Jesus has shown a God who wants to be known and a humanity that wants to hide from him.  Jesus has explained how to come to know God through changing and seeking him.  He has provided the way through three basic means: the creation, the church, and the Bible.  These means are regularly disregarded and degraded because of a lack of desire to know God who might interfere with personal desires, a general social bias to regard the physical realm as all of reality, and the suspicion that God doesn't really want to know people and has abandoned this existence.  Jesus teaches and shows all people that those who want to know God will find him, that he is knowable, and that he wants to know each person.
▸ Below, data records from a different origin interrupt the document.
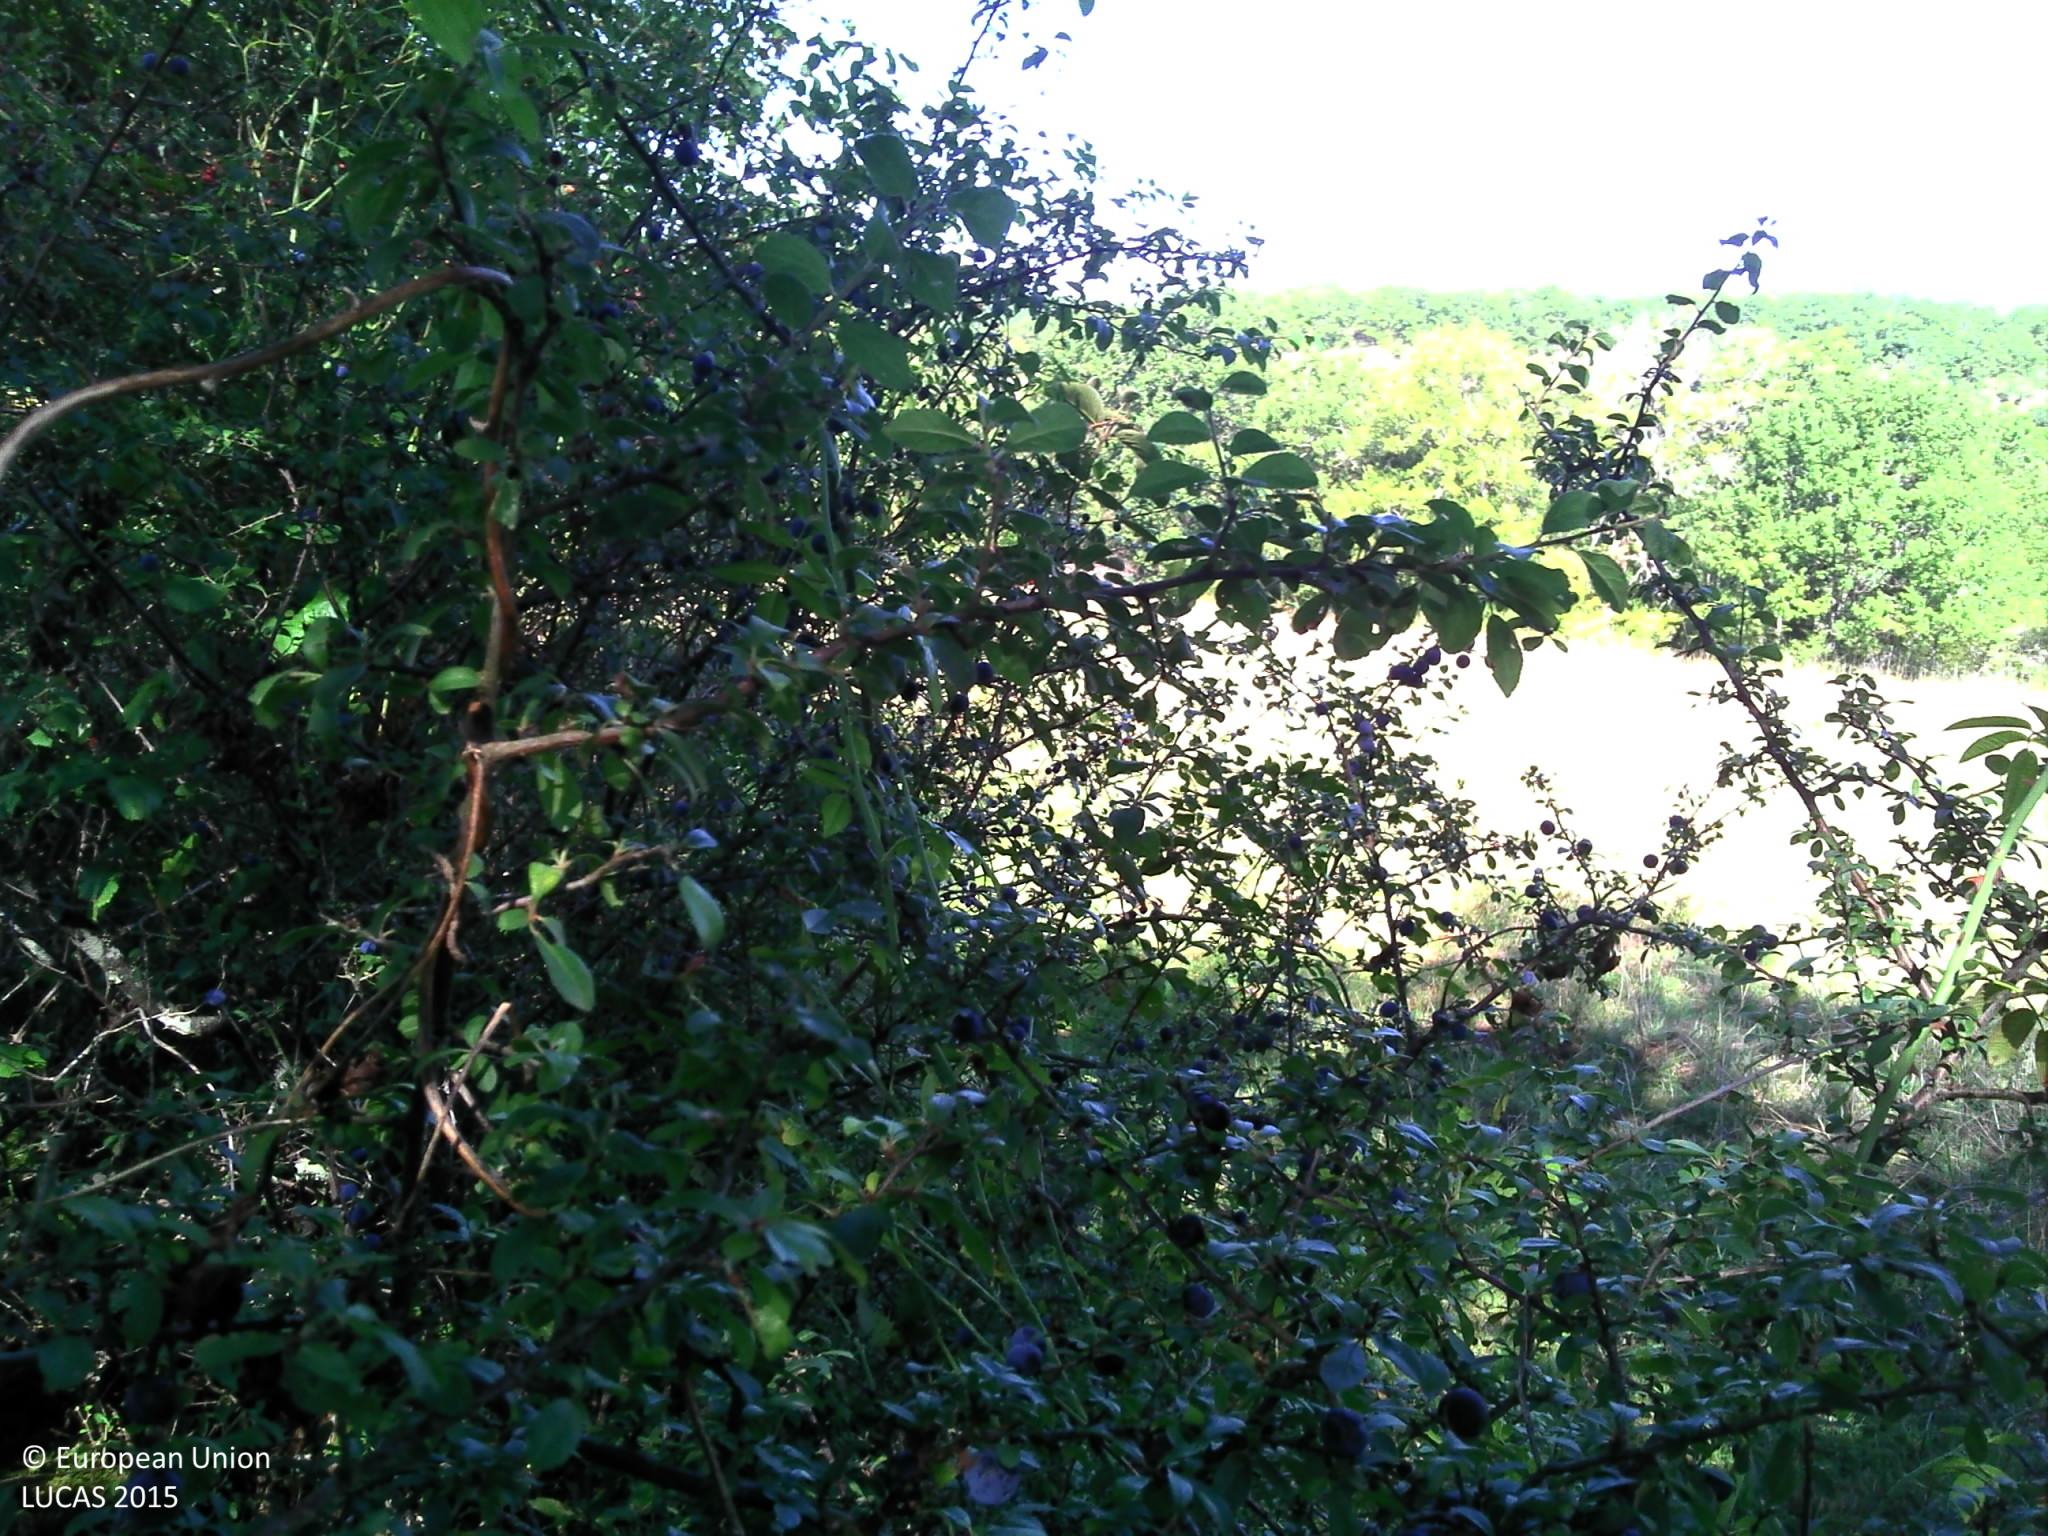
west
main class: Grassland
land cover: Grassland without tree/shrub cover
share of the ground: > 75 %
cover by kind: herbaceous plants 100 %
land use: Agriculture (excluding fallow land and kitchen gardens)
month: August
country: FR
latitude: 44.2508
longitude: 1.8984
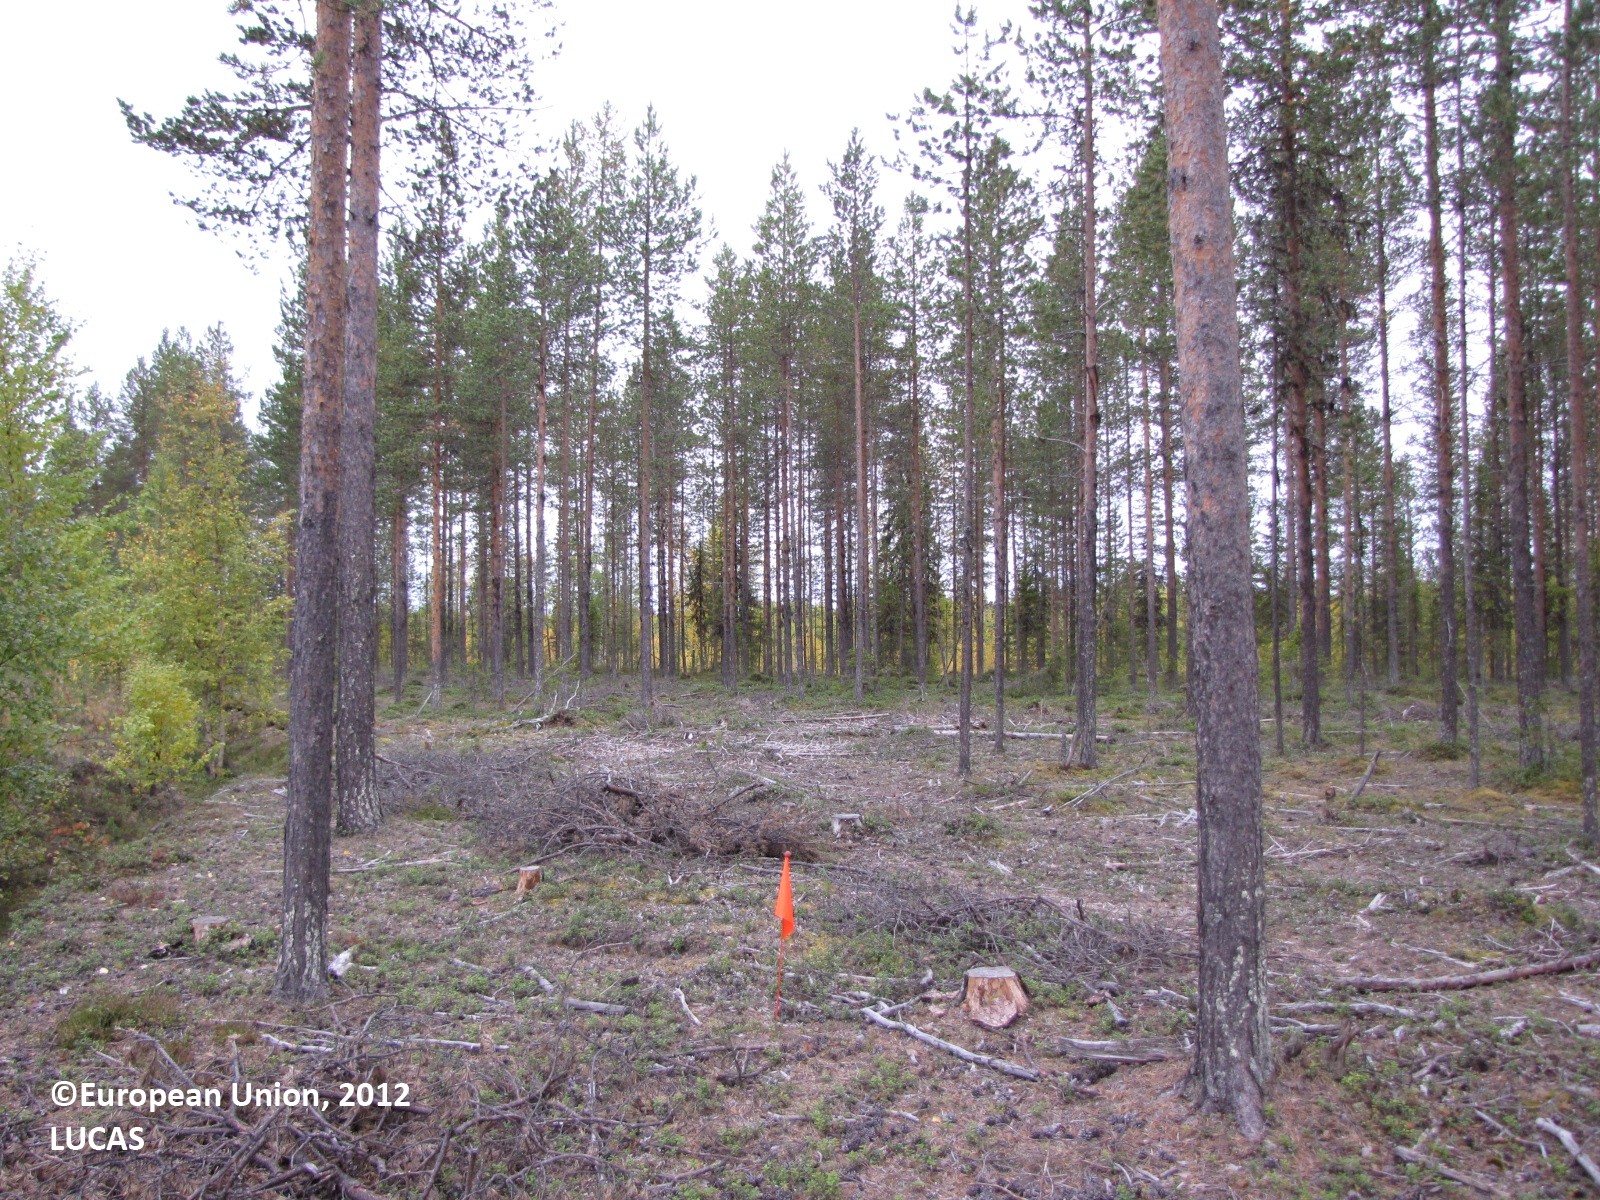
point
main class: Woodland
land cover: Pine dominated coniferous woodland
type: boreal forest
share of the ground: 50 - 75 %
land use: Forestry
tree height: > 5 m
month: September
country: FI
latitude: 67.2083
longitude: 24.8223
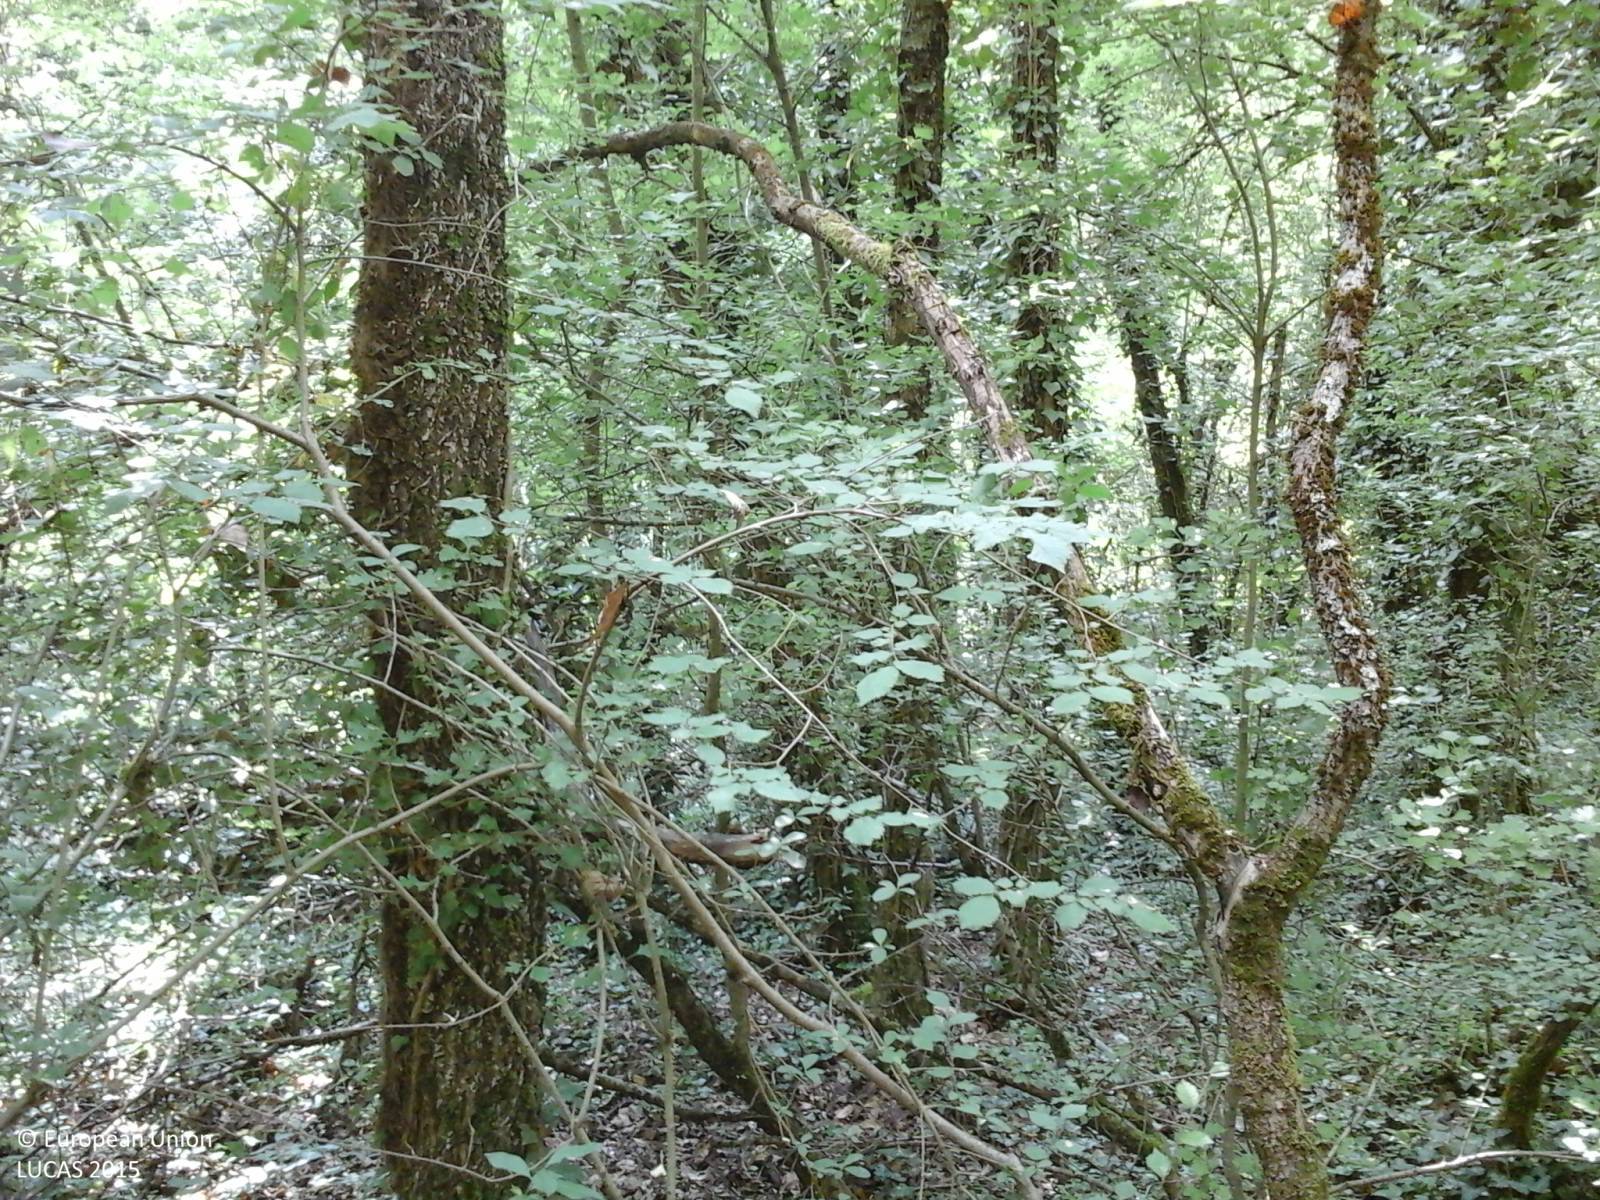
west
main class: Woodland
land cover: Broadleaved woodland
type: thermophilous deciduous forest
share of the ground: > 75 %
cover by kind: broadleaved forest trees 100 %
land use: Forestry
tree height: > 5 m
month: June
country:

These three means for knowing God are not final, but are the beginning of knowing about him.  Ultimately, they all become the means by which I pray and converse with God, thereby knowing him directly.  In the light of prayer, the means of knowledge that Jesus gave become more brilliant and understandable, just as in my relationship with Dawn.  My personal, conversational relationship with her brings to light the reasons and meanings for the things she says and does.  I will not ever be in a place where I could always predict her, but I can say what her tendencies are and come to understand her reasons through our relationship.  So it is with God.

Lord, you have provided the table of friendship so I can know you in this life.  I need not be content with guesses, rumors, and suspicions.  I can know you and come to understand you and your ways.  Save me from my own desires that take me away from you, the world that presses me to see you as unreal, and my enemies that say you don't care.  You are my Shepherd and I'll not be in want.  Amen.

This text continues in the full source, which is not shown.